'''

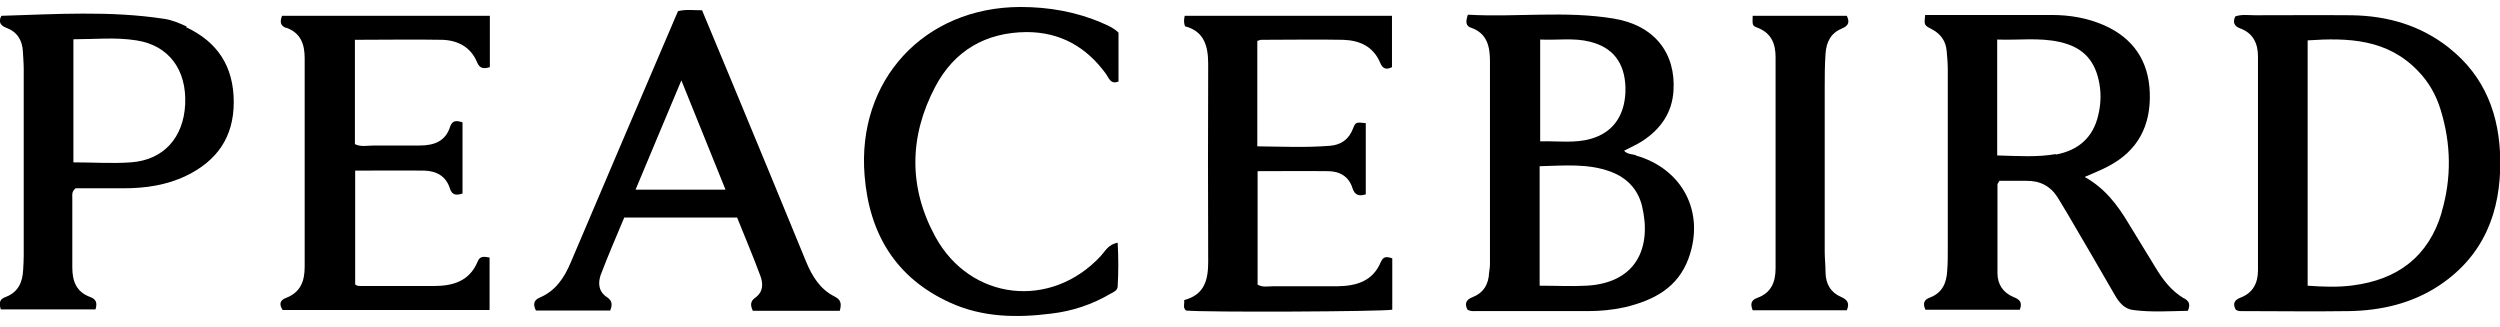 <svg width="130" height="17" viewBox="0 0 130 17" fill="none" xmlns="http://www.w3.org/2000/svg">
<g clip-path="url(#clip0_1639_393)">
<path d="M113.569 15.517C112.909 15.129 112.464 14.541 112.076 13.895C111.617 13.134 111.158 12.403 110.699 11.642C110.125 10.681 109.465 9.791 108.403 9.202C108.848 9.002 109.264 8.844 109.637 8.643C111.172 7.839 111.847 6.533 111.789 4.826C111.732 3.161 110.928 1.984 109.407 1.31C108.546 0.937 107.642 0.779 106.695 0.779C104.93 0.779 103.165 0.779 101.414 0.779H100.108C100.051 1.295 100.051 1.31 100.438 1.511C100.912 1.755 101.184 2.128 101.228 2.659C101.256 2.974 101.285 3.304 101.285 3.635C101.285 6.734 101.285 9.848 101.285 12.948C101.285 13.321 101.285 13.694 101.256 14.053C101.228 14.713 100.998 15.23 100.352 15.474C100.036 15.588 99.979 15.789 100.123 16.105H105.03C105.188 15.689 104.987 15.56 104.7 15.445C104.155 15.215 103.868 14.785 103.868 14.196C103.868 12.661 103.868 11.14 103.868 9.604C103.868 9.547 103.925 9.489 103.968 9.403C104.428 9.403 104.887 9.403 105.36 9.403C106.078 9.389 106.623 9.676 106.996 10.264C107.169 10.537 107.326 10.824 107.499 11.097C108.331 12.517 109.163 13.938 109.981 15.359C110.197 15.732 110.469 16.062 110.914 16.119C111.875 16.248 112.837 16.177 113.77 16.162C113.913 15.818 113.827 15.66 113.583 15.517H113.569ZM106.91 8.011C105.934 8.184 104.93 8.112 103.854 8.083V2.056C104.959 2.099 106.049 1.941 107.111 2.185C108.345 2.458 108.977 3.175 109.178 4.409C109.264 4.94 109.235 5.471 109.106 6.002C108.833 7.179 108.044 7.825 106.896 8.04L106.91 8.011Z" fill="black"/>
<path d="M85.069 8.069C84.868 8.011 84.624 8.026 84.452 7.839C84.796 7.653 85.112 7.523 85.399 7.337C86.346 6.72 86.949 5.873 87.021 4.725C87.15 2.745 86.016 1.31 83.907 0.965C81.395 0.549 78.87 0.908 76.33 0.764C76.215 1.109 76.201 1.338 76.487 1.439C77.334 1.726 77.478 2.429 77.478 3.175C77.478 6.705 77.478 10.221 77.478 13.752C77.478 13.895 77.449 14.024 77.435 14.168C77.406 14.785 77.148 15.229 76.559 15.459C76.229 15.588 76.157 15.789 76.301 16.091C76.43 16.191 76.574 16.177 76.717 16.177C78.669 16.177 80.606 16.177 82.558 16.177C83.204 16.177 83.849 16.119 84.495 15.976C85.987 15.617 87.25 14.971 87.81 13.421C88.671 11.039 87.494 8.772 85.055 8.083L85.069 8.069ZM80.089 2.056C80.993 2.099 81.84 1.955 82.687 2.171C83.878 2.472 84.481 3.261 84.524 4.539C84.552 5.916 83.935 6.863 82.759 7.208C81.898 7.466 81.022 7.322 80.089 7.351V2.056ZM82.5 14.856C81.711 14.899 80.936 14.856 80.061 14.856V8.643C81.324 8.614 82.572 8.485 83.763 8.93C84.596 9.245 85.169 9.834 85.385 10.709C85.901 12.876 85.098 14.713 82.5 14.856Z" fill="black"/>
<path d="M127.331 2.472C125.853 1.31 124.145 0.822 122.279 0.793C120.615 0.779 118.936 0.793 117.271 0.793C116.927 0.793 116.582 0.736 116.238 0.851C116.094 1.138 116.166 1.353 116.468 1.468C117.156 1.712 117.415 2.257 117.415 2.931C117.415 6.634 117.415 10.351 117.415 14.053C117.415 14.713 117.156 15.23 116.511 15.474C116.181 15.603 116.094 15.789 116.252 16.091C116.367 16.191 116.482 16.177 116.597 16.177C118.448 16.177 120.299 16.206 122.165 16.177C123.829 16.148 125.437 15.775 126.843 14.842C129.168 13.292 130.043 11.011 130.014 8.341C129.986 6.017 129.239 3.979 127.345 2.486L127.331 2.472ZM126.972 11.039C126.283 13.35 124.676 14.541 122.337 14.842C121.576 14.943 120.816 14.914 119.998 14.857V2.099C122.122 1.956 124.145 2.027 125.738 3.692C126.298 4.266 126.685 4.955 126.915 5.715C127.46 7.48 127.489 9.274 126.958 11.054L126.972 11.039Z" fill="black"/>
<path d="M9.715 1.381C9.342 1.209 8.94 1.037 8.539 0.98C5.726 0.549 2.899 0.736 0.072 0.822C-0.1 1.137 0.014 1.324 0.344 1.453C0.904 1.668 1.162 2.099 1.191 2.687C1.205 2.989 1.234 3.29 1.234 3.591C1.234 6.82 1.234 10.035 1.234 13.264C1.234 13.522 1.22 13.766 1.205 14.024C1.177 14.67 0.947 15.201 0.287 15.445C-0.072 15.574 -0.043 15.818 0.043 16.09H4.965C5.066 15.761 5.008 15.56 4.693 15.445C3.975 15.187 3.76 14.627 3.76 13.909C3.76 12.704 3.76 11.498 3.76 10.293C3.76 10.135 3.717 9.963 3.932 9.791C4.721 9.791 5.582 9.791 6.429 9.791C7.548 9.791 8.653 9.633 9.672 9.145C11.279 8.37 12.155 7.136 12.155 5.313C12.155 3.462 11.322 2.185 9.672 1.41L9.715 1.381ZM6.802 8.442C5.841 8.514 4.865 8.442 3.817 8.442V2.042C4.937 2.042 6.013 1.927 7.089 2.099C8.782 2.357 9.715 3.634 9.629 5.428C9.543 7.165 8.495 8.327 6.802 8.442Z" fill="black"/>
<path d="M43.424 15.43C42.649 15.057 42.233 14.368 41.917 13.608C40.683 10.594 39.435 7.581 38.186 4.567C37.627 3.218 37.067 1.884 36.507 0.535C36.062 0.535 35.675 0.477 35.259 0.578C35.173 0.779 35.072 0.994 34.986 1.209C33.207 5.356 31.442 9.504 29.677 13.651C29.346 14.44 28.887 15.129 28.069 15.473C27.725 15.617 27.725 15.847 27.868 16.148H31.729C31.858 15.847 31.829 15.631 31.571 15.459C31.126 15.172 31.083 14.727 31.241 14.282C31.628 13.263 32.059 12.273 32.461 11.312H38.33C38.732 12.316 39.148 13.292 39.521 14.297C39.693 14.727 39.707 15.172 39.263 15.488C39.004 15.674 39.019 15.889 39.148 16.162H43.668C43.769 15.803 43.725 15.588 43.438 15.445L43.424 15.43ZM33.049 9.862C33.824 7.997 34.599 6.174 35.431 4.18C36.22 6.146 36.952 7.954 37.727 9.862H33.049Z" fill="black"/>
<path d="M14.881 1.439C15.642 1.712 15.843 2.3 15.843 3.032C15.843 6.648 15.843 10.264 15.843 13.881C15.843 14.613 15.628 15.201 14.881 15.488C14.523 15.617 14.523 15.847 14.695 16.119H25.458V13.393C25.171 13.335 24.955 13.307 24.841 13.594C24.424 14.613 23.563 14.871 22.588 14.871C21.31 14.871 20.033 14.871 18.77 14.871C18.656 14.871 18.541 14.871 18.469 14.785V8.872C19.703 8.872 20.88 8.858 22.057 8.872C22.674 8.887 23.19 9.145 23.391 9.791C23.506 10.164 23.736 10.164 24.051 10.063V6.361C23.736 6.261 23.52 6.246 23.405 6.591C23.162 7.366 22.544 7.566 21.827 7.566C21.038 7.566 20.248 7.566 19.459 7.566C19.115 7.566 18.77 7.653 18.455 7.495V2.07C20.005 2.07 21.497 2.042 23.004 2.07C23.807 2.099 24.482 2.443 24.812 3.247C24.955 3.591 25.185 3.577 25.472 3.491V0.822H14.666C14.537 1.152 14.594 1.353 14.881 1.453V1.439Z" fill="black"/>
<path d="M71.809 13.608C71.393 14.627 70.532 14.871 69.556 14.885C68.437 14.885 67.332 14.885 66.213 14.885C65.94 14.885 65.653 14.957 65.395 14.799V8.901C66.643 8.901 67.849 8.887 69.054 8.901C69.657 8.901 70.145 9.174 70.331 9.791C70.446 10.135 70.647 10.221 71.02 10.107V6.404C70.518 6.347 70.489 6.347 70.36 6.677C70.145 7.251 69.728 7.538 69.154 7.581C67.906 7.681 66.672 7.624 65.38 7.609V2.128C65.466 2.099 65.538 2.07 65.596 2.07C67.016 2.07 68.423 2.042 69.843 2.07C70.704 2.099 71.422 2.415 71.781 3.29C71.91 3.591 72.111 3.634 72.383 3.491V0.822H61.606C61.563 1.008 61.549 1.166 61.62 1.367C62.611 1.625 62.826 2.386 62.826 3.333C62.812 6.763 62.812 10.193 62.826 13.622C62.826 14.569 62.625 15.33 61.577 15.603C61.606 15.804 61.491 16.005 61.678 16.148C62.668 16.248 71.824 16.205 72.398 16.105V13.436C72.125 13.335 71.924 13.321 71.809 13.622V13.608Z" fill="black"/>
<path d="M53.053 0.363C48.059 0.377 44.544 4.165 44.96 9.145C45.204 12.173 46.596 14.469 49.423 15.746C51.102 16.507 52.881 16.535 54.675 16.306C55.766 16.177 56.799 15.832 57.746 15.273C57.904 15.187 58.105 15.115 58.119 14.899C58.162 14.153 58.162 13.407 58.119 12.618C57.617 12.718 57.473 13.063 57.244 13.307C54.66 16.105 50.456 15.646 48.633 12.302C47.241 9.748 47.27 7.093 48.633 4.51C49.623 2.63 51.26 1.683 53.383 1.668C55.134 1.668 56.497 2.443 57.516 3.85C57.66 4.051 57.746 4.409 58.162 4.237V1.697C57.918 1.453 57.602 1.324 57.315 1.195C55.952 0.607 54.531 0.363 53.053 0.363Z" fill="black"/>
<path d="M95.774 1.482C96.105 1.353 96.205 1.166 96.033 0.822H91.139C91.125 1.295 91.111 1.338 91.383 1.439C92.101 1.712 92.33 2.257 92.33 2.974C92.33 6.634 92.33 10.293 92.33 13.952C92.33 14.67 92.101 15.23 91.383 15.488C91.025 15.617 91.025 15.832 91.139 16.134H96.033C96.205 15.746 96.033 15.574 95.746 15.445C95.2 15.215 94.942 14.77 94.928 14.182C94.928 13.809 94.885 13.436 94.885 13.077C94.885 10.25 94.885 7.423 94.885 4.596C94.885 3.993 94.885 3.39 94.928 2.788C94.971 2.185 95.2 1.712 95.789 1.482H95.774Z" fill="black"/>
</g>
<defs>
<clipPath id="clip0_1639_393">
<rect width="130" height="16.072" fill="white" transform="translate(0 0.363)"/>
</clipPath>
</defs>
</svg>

'''

• **Goal of the exercise**: A single figure must be given: how many lines of the records above include the string "clipPath".

• **Written response**: 2